Task →
If an entry contains a picture, leave the picture out and reproduce everything else in the records below exactly.

Input data →

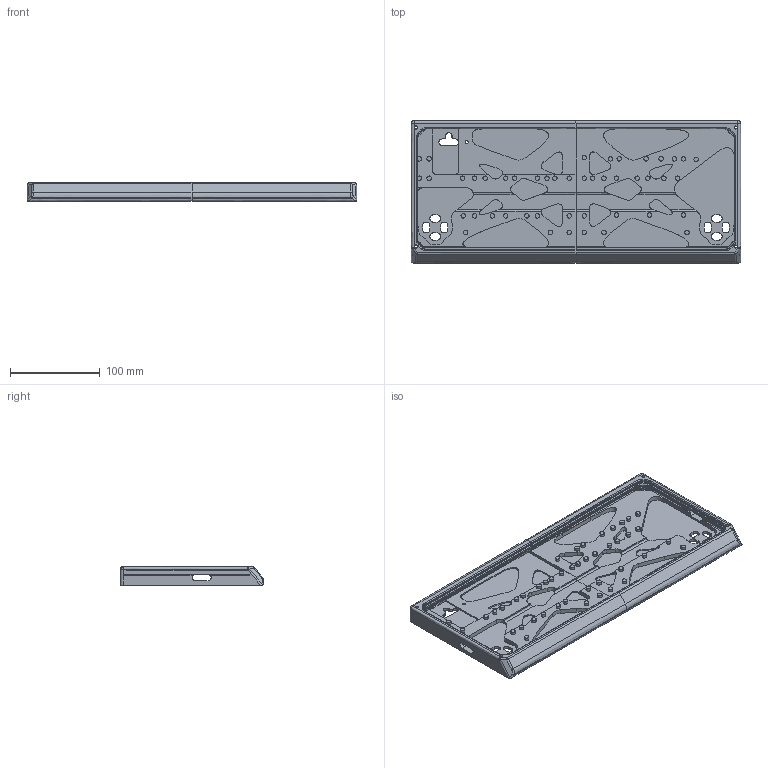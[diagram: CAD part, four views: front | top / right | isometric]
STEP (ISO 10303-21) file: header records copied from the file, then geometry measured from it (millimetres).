
FILE_DESCRIPTION (( 'STEP AP214' ), '1' );
FILE_NAME ('Case.STEP', '2025-06-12T20:30:44', ( '' ), ( '' ), 'SwSTEP 2.0', 'SolidWorks 2024', '' );
FILE_SCHEMA (( 'AUTOMOTIVE_DESIGN' ));
Length unit declared in the file: millimetre
Products named in the file (1): Case
Bounding box: 366 x 158.88 x 20.41 mm (x, y, z)
Volume: 415527.7 mm3; surface area: 175755.9 mm2
Topology: 2 solids, 2 shells, 711 faces, 1834 edges, 1185 vertices
Faces by surface type: plane 259, cylinder 231, bspline 221
Entity records: 39915 total; most frequent: CARTESIAN_POINT 16819, ORIENTED_EDGE 3668, DIRECTION 2464, EDGE_CURVE 1834, VERTEX_POINT 1185, AXIS2_PLACEMENT_3D 918, EDGE_LOOP 821, UNCERTAINTY_MEASURE_WITH_UNIT 714
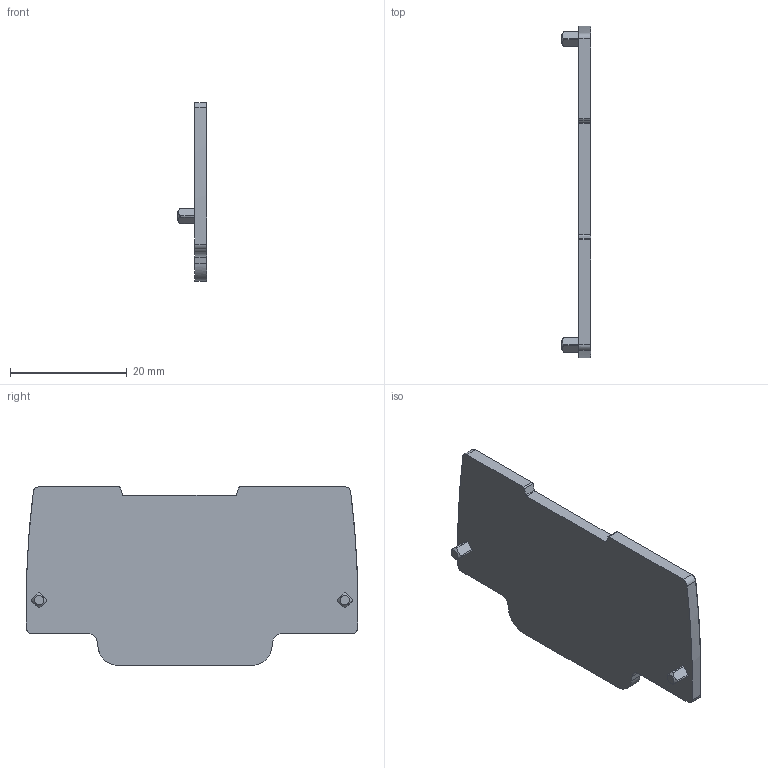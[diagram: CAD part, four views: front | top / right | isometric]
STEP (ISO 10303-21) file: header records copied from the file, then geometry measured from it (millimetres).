
FILE_DESCRIPTION(('CATIA V5 STEP Exchange','CAx-IF Rec.Pracs.--- Model Styling and Organization---1.4--- 2014-01-23'),'2;1');
FILE_NAME ('1256030-5_0', '2020-11-26T11:38:16+00:00', ('none'), ('Weidmueller'), 'CATIA Version 5-6 Release 2016 SP3 HF44', 'CATIA V5 STEP AP214', 'none');
FILE_SCHEMA(('AUTOMOTIVE_DESIGN { 1 0 10303 214 1 1 1 1 }'));
Length unit declared in the file: millimetre
Products named in the file (1): 2751080000
Bounding box: 5.1 x 56.9 x 30.6 mm (x, y, z)
Volume: 3259.3 mm3; surface area: 3478.3 mm2
Topology: 1 solids, 1 shells, 66 faces, 186 edges, 124 vertices
Faces by surface type: cylinder 22, plane 22, extrusion 18, cone 4
Entity records: 2419 total; most frequent: CARTESIAN_POINT 812, ORIENTED_EDGE 372, DIRECTION 233, EDGE_CURVE 186, VERTEX_POINT 124, VECTOR 117, LINE 99, B_SPLINE_CURVE_WITH_KNOTS 79

Solution for this problem →
[diagram: CAD part, four views: front | top / right | isometric]
STEP (ISO 10303-21) file: header records copied from the file, then geometry measured from it (millimetres).
FILE_DESCRIPTION (( 'STEP AP214' ), '1' );
FILE_NAME ('Case.STEP', '2025-06-12T20:30:44', ( '' ), ( '' ), 'SwSTEP 2.0', 'SolidWorks 2024', '' );
FILE_SCHEMA (( 'AUTOMOTIVE_DESIGN' ));
Length unit declared in the file: millimetre
Products named in the file (1): Case
Bounding box: 366 x 158.88 x 20.41 mm (x, y, z)
Volume: 415527.7 mm3; surface area: 175755.9 mm2
Topology: 2 solids, 2 shells, 711 faces, 1834 edges, 1185 vertices
Faces by surface type: plane 259, cylinder 231, bspline 221
Entity records: 39915 total; most frequent: CARTESIAN_POINT 16819, ORIENTED_EDGE 3668, DIRECTION 2464, EDGE_CURVE 1834, VERTEX_POINT 1185, AXIS2_PLACEMENT_3D 918, EDGE_LOOP 821, UNCERTAINTY_MEASURE_WITH_UNIT 714
[diagram: CAD part, four views: front | top / right | isometric]
STEP (ISO 10303-21) file: header records copied from the file, then geometry measured from it (millimetres).
FILE_DESCRIPTION(('CATIA V5 STEP Exchange','CAx-IF Rec.Pracs.--- Model Styling and Organization---1.4--- 2014-01-23'),'2;1');
FILE_NAME ('1256030-5_0', '2020-11-26T11:38:16+00:00', ('none'), ('Weidmueller'), 'CATIA Version 5-6 Release 2016 SP3 HF44', 'CATIA V5 STEP AP214', 'none');
FILE_SCHEMA(('AUTOMOTIVE_DESIGN { 1 0 10303 214 1 1 1 1 }'));
Length unit declared in the file: millimetre
Products named in the file (1): 2751080000
Bounding box: 5.1 x 56.9 x 30.6 mm (x, y, z)
Volume: 3259.3 mm3; surface area: 3478.3 mm2
Topology: 1 solids, 1 shells, 66 faces, 186 edges, 124 vertices
Faces by surface type: cylinder 22, plane 22, extrusion 18, cone 4
Entity records: 2419 total; most frequent: CARTESIAN_POINT 812, ORIENTED_EDGE 372, DIRECTION 233, EDGE_CURVE 186, VERTEX_POINT 124, VECTOR 117, LINE 99, B_SPLINE_CURVE_WITH_KNOTS 79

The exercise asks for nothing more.